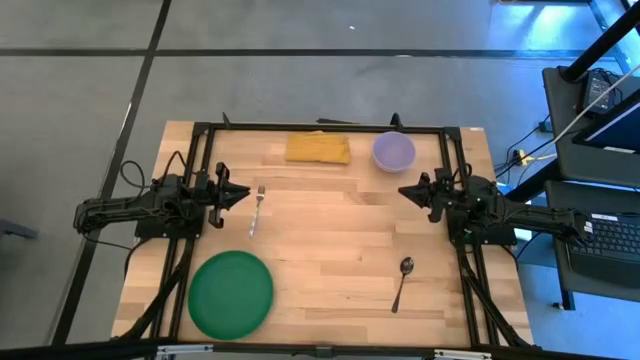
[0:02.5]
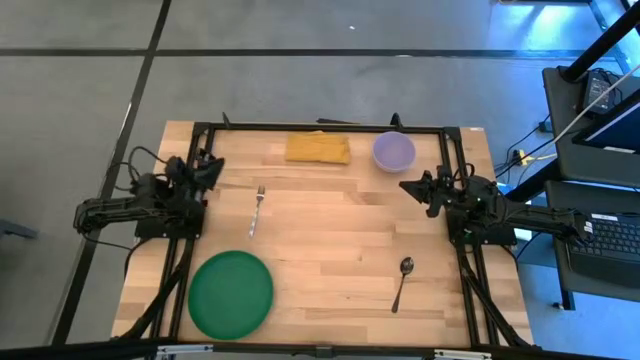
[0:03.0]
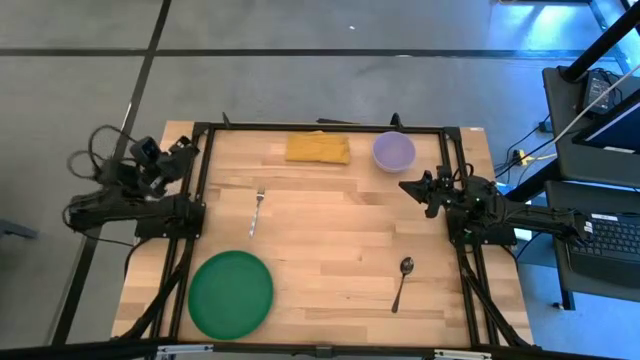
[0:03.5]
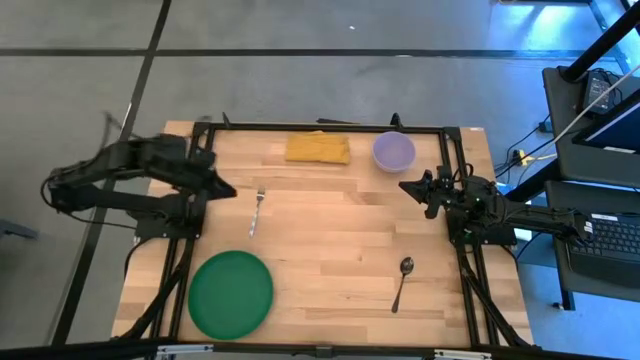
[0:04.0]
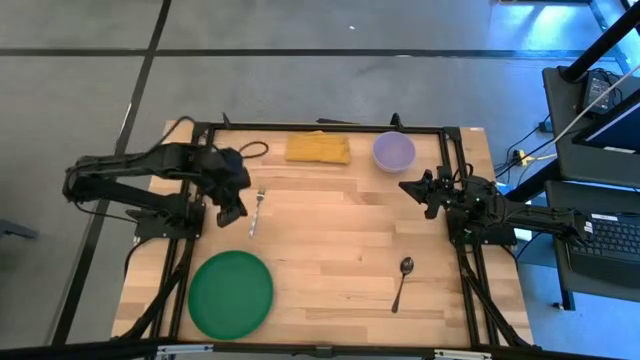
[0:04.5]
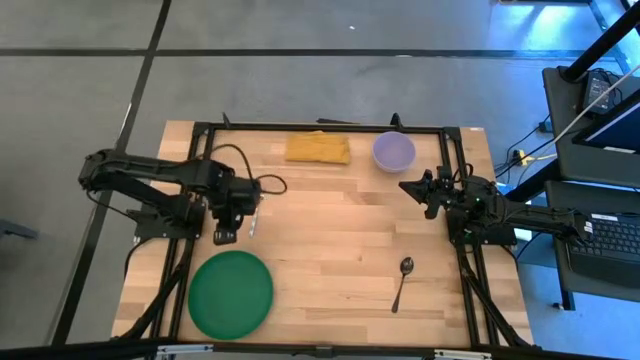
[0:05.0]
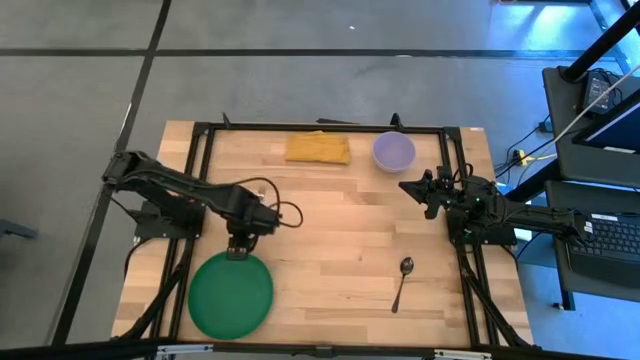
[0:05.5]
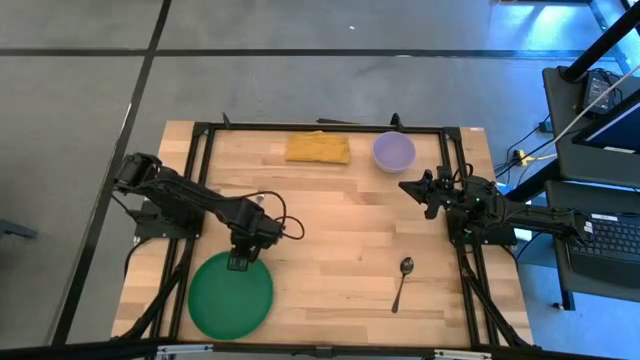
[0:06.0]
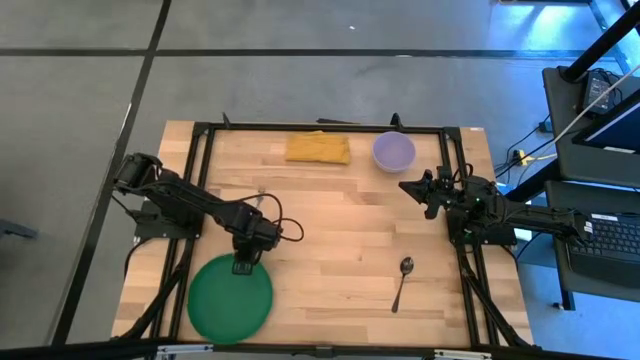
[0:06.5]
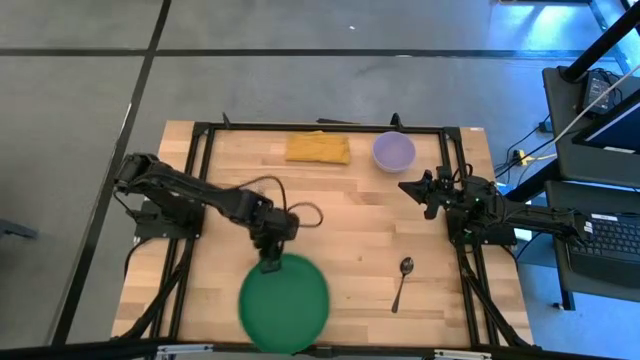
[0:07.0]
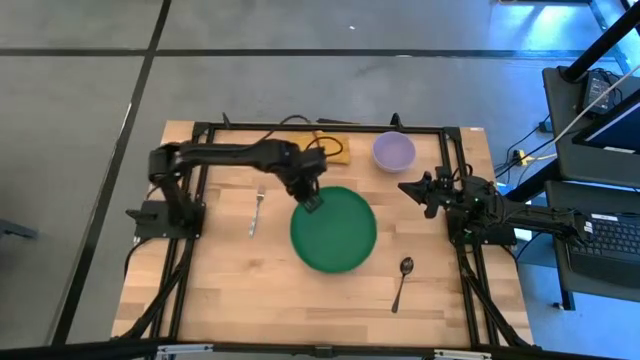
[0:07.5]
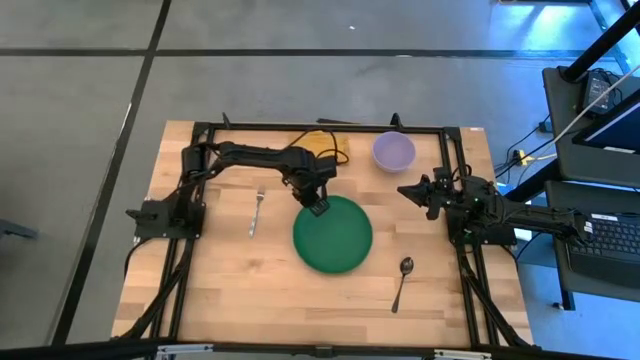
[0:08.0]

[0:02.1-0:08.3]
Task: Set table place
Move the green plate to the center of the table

* [YOUR OBJECTIVE] Output each record verbatim and leave out its pictures.

* [ANSWER SPACE]
[0:02.5]
[0:03.0]
[0:03.5]
[0:04.0]
[0:04.5]
[0:05.0]
[0:05.5]
[0:06.0]
[0:06.5]
[0:07.0]
[0:07.5]
[0:08.0]

[0:02.1-0:08.3]
Task: Set table place
Move the green plate to the center of the table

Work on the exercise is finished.